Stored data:
....
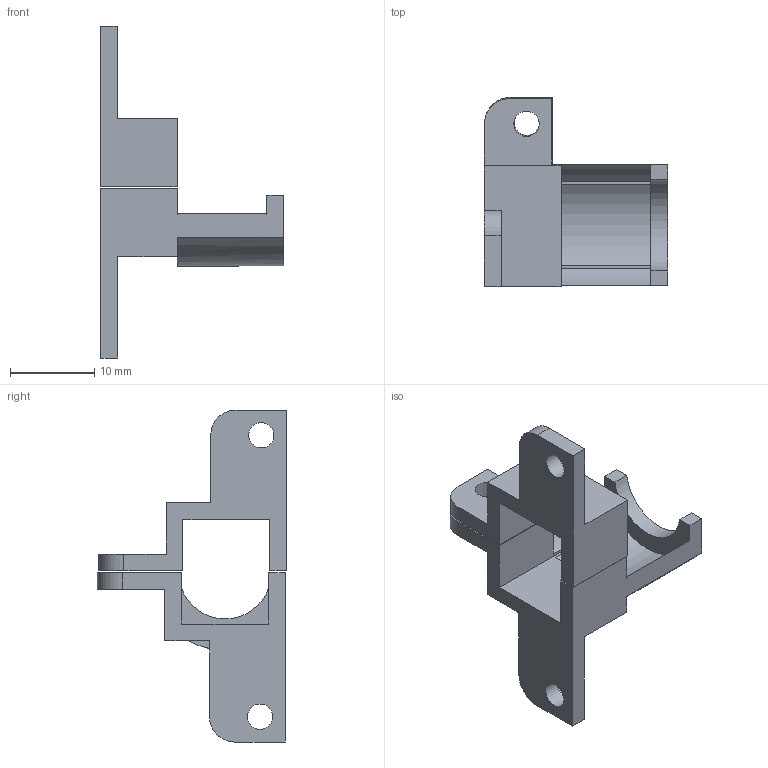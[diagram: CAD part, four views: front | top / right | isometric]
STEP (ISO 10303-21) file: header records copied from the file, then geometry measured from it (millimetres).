
FILE_DESCRIPTION(/* description */ (''),/* implementation_level */ '2;1');
FILE_NAME(/* name */ 'koszyk_na_silnik v2.step',/* time_stamp */ '2022-04-09T14:57:52+02:00',/* author */ (''),/* organization */ (''),/* preprocessor_version */ 'ST-DEVELOPER v18.1',/* originating_system */ 'Autodesk Translation Framework v10.14.0.1471',/* authorisation */ '');
FILE_SCHEMA (('AUTOMOTIVE_DESIGN { 1 0 10303 214 3 1 1 }'));
Length unit declared in the file: millimetre
Products named in the file (5): koszyk_na_silnik; Koszyk_na_silnik_2; koszyk_1(Mirror); Koszyk_na_silnik_1; koszyk_1
Assembly tree (4 placements, depth 3):
  koszyk_na_silnik
    Koszyk_na_silnik_2
      koszyk_1(Mirror)
    Koszyk_na_silnik_1
      koszyk_1
Bounding box: 21.75 x 22.44 x 39.4 mm (x, y, z)
Volume: 1957.5 mm3; surface area: 2686.4 mm2
Topology: 2 solids, 2 shells, 54 faces, 148 edges, 98 vertices
Faces by surface type: plane 41, cylinder 13
Full cylindrical faces by diameter (mm): 3 x4
Entity records: 1845 total; most frequent: CARTESIAN_POINT 309, DIRECTION 302, ORIENTED_EDGE 296, EDGE_CURVE 148, LINE 120, VECTOR 120, VERTEX_POINT 98, AXIS2_PLACEMENT_3D 91
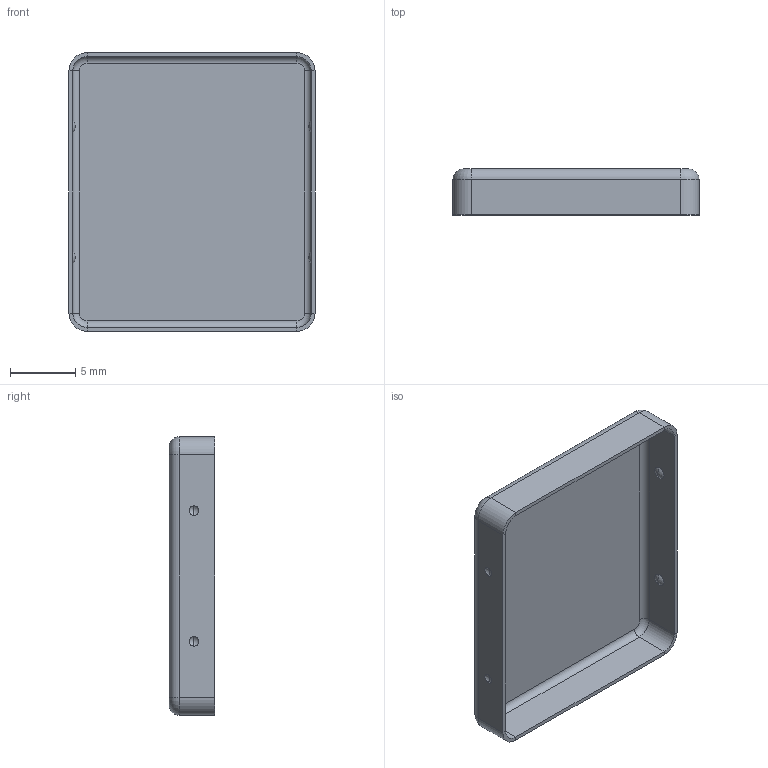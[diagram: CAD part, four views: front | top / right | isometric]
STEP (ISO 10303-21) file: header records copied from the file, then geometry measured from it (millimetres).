
FILE_DESCRIPTION (( 'STEP AP203' ), '1' );
FILE_NAME ('MS207-10C.step', '2021-10-21T03:30:45', ( '' ), ( '' ), 'SwSTEP 2.0', 'SolidWorks 2021', '' );
FILE_SCHEMA (( 'CONFIG_CONTROL_DESIGN' ));
Length unit declared in the file: millimetre
Products named in the file (1): MS207-10C
Bounding box: 18.8 x 3.5 x 21.3 mm (x, y, z)
Volume: 187 mm3; surface area: 1270.2 mm2
Topology: 1 solids, 1 shells, 58 faces, 120 edges, 72 vertices
Faces by surface type: plane 18, sphere 16, cylinder 16, torus 8
Entity records: 1621 total; most frequent: DIRECTION 310, CARTESIAN_POINT 251, ORIENTED_EDGE 240, AXIS2_PLACEMENT_3D 131, EDGE_CURVE 120, CIRCLE 72, VERTEX_POINT 72, EDGE_LOOP 66
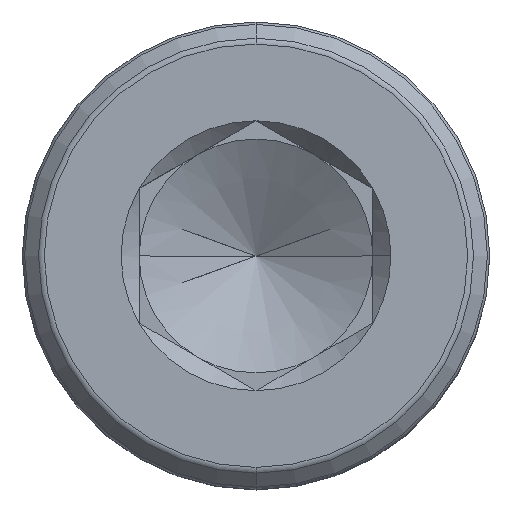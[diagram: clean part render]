
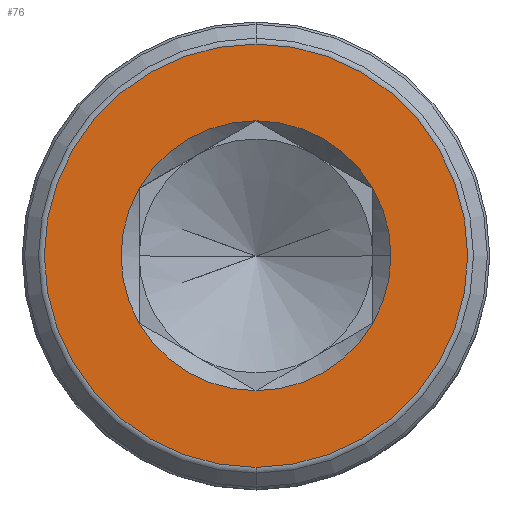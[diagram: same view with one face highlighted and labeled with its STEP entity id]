
A CAD part, top view. The second image highlights one B-rep face of the part: STEP entity #76.
In plain terms, the highlighted planar face has unit normal (0, 0, 1).
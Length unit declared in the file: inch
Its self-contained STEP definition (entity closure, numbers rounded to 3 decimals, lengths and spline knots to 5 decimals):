
#47 = EDGE_CURVE ( 'NONE', #305, #317, #761, .T. ) ;
#76 = ADVANCED_FACE ( 'NONE', ( #532, #88 ), #478, .F. ) ;
#77 = DIRECTION ( 'NONE',  ( 1., 0., 0. ) ) ;
#84 = AXIS2_PLACEMENT_3D ( 'NONE', #756, #233, #321 ) ;
#88 = FACE_OUTER_BOUND ( 'NONE', #1098, .T. ) ;
#149 = DIRECTION ( 'NONE',  ( 0., 0., 1. ) ) ;
#152 = CARTESIAN_POINT ( 'NONE',  ( 0., 0.10825, 1.375 ) ) ;
#158 = VERTEX_POINT ( 'NONE', #216 ) ;
#164 = CARTESIAN_POINT ( 'NONE',  ( -0.09375, 0.05413, 1.375 ) ) ;
#196 = VERTEX_POINT ( 'NONE', #829 ) ;
#212 = DIRECTION ( 'NONE',  ( 0., 0., -1. ) ) ;
#216 = CARTESIAN_POINT ( 'NONE',  ( 0., 0.16978, 1.375 ) ) ;
#233 = DIRECTION ( 'NONE',  ( 0., 0., 1. ) ) ;
#281 = EDGE_CURVE ( 'NONE', #158, #603, #363, .T. ) ;
#282 = CARTESIAN_POINT ( 'NONE',  ( 0., -0.16978, 1.375 ) ) ;
#296 = DIRECTION ( 'NONE',  ( 0., 0., 1. ) ) ;
#301 = EDGE_CURVE ( 'NONE', #196, #709, #607, .T. ) ;
#303 = AXIS2_PLACEMENT_3D ( 'NONE', #376, #212, #823 ) ;
#305 = VERTEX_POINT ( 'NONE', #767 ) ;
#310 = CIRCLE ( 'NONE', #84, 0.10825 ) ;
#312 = AXIS2_PLACEMENT_3D ( 'NONE', #698, #792, #549 ) ;
#314 = EDGE_CURVE ( 'NONE', #453, #822, #310, .T. ) ;
#317 = VERTEX_POINT ( 'NONE', #1107 ) ;
#321 = DIRECTION ( 'NONE',  ( 1., 0., 0. ) ) ;
#329 = CARTESIAN_POINT ( 'NONE',  ( 0., -0.10825, 1.375 ) ) ;
#330 = CIRCLE ( 'NONE', #820, 0.10825 ) ;
#344 = CARTESIAN_POINT ( 'NONE',  ( 0., 0., 1.375 ) ) ;
#348 = AXIS2_PLACEMENT_3D ( 'NONE', #344, #943, #599 ) ;
#353 = DIRECTION ( 'NONE',  ( 1., 0., 0. ) ) ;
#358 = DIRECTION ( 'NONE',  ( 0., 0., 1. ) ) ;
#363 = CIRCLE ( 'NONE', #1017, 0.16978 ) ;
#372 = CARTESIAN_POINT ( 'NONE',  ( 0., 0., 1.375 ) ) ;
#373 = ORIENTED_EDGE ( 'NONE', *, *, #47, .F. ) ;
#376 = CARTESIAN_POINT ( 'NONE',  ( 0., 0.16978, 1.375 ) ) ;
#384 = DIRECTION ( 'NONE',  ( 1., 0., 0. ) ) ;
#407 = ORIENTED_EDGE ( 'NONE', *, *, #491, .F. ) ;
#418 = DIRECTION ( 'NONE',  ( 0., 0., 1. ) ) ;
#436 = ORIENTED_EDGE ( 'NONE', *, *, #301, .F. ) ;
#453 = VERTEX_POINT ( 'NONE', #164 ) ;
#478 = PLANE ( 'NONE',  #303 ) ;
#491 = EDGE_CURVE ( 'NONE', #317, #196, #584, .T. ) ;
#500 = AXIS2_PLACEMENT_3D ( 'NONE', #841, #149, #675 ) ;
#507 = EDGE_LOOP ( 'NONE', ( #963, #436, #407, #373, #1016, #979, #602 ) ) ;
#532 = FACE_BOUND ( 'NONE', #507, .T. ) ;
#536 = ORIENTED_EDGE ( 'NONE', *, *, #281, .T. ) ;
#547 = DIRECTION ( 'NONE',  ( 1., 0., 0. ) ) ;
#549 = DIRECTION ( 'NONE',  ( 0., -1., 0. ) ) ;
#565 = CARTESIAN_POINT ( 'NONE',  ( 0., 0., 1.375 ) ) ;
#574 = CIRCLE ( 'NONE', #312, 0.16978 ) ;
#584 = CIRCLE ( 'NONE', #706, 0.10825 ) ;
#585 = AXIS2_PLACEMENT_3D ( 'NONE', #868, #873, #353 ) ;
#596 = EDGE_CURVE ( 'NONE', #709, #453, #1101, .T. ) ;
#599 = DIRECTION ( 'NONE',  ( 1., 0., 0. ) ) ;
#600 = ORIENTED_EDGE ( 'NONE', *, *, #606, .T. ) ;
#602 = ORIENTED_EDGE ( 'NONE', *, *, #314, .F. ) ;
#603 = VERTEX_POINT ( 'NONE', #282 ) ;
#606 = EDGE_CURVE ( 'NONE', #603, #158, #574, .T. ) ;
#607 = CIRCLE ( 'NONE', #500, 0.10825 ) ;
#635 = EDGE_CURVE ( 'NONE', #691, #305, #330, .T. ) ;
#669 = CIRCLE ( 'NONE', #348, 0.10825 ) ;
#670 = CARTESIAN_POINT ( 'NONE',  ( 0., 0., 1.375 ) ) ;
#675 = DIRECTION ( 'NONE',  ( 1., 0., 0. ) ) ;
#691 = VERTEX_POINT ( 'NONE', #329 ) ;
#698 = CARTESIAN_POINT ( 'NONE',  ( 0., 0., 1.375 ) ) ;
#706 = AXIS2_PLACEMENT_3D ( 'NONE', #372, #358, #547 ) ;
#707 = CARTESIAN_POINT ( 'NONE',  ( -0.09375, -0.05413, 1.375 ) ) ;
#709 = VERTEX_POINT ( 'NONE', #152 ) ;
#750 = EDGE_CURVE ( 'NONE', #822, #691, #669, .T. ) ;
#756 = CARTESIAN_POINT ( 'NONE',  ( 0., 0., 1.375 ) ) ;
#760 = CARTESIAN_POINT ( 'NONE',  ( 0., 0., 1.375 ) ) ;
#761 = CIRCLE ( 'NONE', #1072, 0.10825 ) ;
#767 = CARTESIAN_POINT ( 'NONE',  ( 0.09375, -0.05413, 1.375 ) ) ;
#792 = DIRECTION ( 'NONE',  ( 0., 0., 1. ) ) ;
#820 = AXIS2_PLACEMENT_3D ( 'NONE', #670, #844, #77 ) ;
#822 = VERTEX_POINT ( 'NONE', #707 ) ;
#823 = DIRECTION ( 'NONE',  ( 0., 1., 0. ) ) ;
#829 = CARTESIAN_POINT ( 'NONE',  ( 0.09375, 0.05413, 1.375 ) ) ;
#841 = CARTESIAN_POINT ( 'NONE',  ( 0., 0., 1.375 ) ) ;
#844 = DIRECTION ( 'NONE',  ( 0., 0., 1. ) ) ;
#868 = CARTESIAN_POINT ( 'NONE',  ( 0., 0., 1.375 ) ) ;
#873 = DIRECTION ( 'NONE',  ( 0., 0., 1. ) ) ;
#943 = DIRECTION ( 'NONE',  ( 0., 0., 1. ) ) ;
#963 = ORIENTED_EDGE ( 'NONE', *, *, #596, .F. ) ;
#979 = ORIENTED_EDGE ( 'NONE', *, *, #750, .F. ) ;
#1016 = ORIENTED_EDGE ( 'NONE', *, *, #635, .F. ) ;
#1017 = AXIS2_PLACEMENT_3D ( 'NONE', #760, #418, #1019 ) ;
#1019 = DIRECTION ( 'NONE',  ( 0., -1., 0. ) ) ;
#1072 = AXIS2_PLACEMENT_3D ( 'NONE', #565, #296, #384 ) ;
#1098 = EDGE_LOOP ( 'NONE', ( #600, #536 ) ) ;
#1101 = CIRCLE ( 'NONE', #585, 0.10825 ) ;
#1107 = CARTESIAN_POINT ( 'NONE',  ( 0.10825, 0., 1.375 ) ) ;
....
DIRECTIONS FOR THIS TASK: The exact lines from the beginning of the data through the one that contains "Full cylindrical faces by diameter (mm): 3 x4" must be given again, both ends included, and pictures must be left out.

ANSWER TO THE EXERCISE:
[diagram: CAD part, four views: front | top / right | isometric]
STEP (ISO 10303-21) file: header records copied from the file, then geometry measured from it (millimetres).
FILE_DESCRIPTION(/* description */ (''),/* implementation_level */ '2;1');
FILE_NAME(/* name */ 'koszyk_na_silnik v2.step',/* time_stamp */ '2022-04-09T14:57:52+02:00',/* author */ (''),/* organization */ (''),/* preprocessor_version */ 'ST-DEVELOPER v18.1',/* originating_system */ 'Autodesk Translation Framework v10.14.0.1471',/* authorisation */ '');
FILE_SCHEMA (('AUTOMOTIVE_DESIGN { 1 0 10303 214 3 1 1 }'));
Length unit declared in the file: millimetre
Products named in the file (5): koszyk_na_silnik; Koszyk_na_silnik_2; koszyk_1(Mirror); Koszyk_na_silnik_1; koszyk_1
Assembly tree (4 placements, depth 3):
  koszyk_na_silnik
    Koszyk_na_silnik_2
      koszyk_1(Mirror)
    Koszyk_na_silnik_1
      koszyk_1
Bounding box: 21.75 x 22.44 x 39.4 mm (x, y, z)
Volume: 1957.5 mm3; surface area: 2686.4 mm2
Topology: 2 solids, 2 shells, 54 faces, 148 edges, 98 vertices
Faces by surface type: plane 41, cylinder 13
Full cylindrical faces by diameter (mm): 3 x4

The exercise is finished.